Al final del pasillo oye a Stacy preparándose. Un secador de pelo se enciende y se apaga intermitentemente. Un cepillo golpea la cómoda. El armarito de las medicinas se abre y se cierra.
Stacy ha optado por un vestido verde esmeralda procedente de la sección de rebajas de Filene que su madre ha puesto en la máquina de coser. Melissa la previno de que se equivocaba, pero Stacy no la escuchó y en este instante lo lamenta porque... Bueno, porque parece simplemente eso: un vestido sacado de la sección de rebajas que su madre ha arreglado con la máquina de coser.
—¡Missy! —grita Stacy con una voz tipo «uñas arañando una pizarra»—. ¡Por favor, ven a salvarme de esta pesadilla de vestido!
—Te ayudaré en un minuto —responde Melissa lanzando otra mirada al final de la calle, más allá de la blanca iglesia de madera de la esquina.

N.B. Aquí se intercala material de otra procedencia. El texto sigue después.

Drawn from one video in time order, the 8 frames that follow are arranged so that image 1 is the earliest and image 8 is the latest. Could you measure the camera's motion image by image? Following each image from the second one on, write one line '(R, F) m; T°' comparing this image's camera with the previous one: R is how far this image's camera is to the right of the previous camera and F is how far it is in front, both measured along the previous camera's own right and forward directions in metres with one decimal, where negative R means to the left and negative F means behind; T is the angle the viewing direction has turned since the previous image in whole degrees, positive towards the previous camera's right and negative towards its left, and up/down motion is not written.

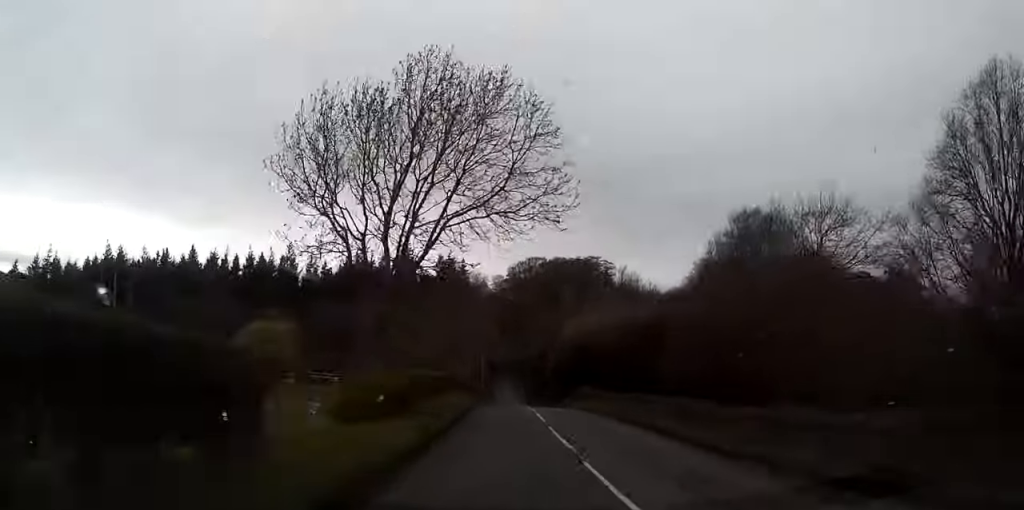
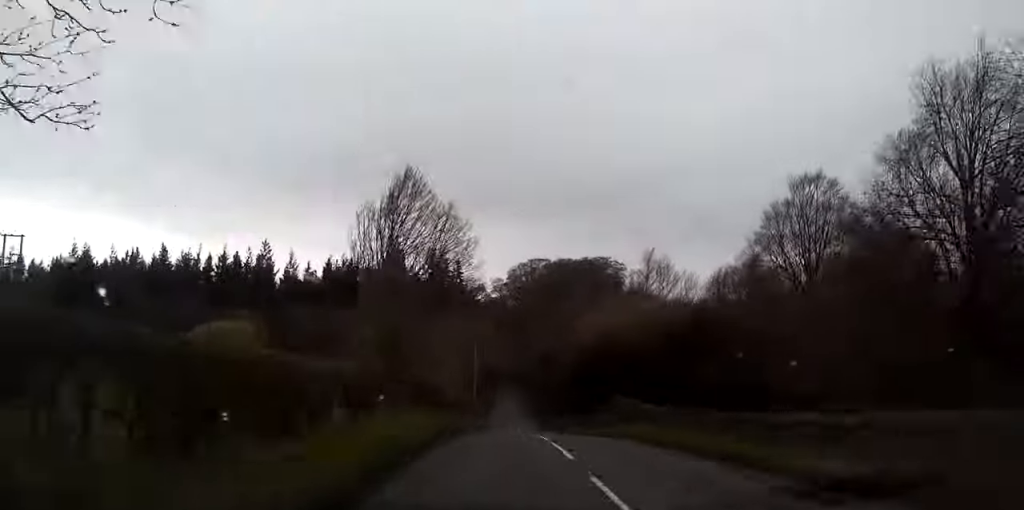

La limusina no aparece por ninguna parte. Todo lo que ve es un grupo de chicas patinando cerca de la señal de «Stop». Han construido una rampa improvisada con unas planchas de madera y dos grandes piedras del muro de un vecino. Hasta el momento ninguna ha logrado saltar sin estrellarse en el suelo. «Yo hacía de canguro de esas chicas —piensa Melissa—, y ahora aquí estoy, a punto de ir a mi fiesta de graduación.» Por primera vez en su vida se siente mayor y libre —o al menos casi— de la cárcel que son para ella las normas paternas. Buena parte de esos sentimientos tienen que ver con Ronnie y los planes que han hecho para sus vidas después de la graduación.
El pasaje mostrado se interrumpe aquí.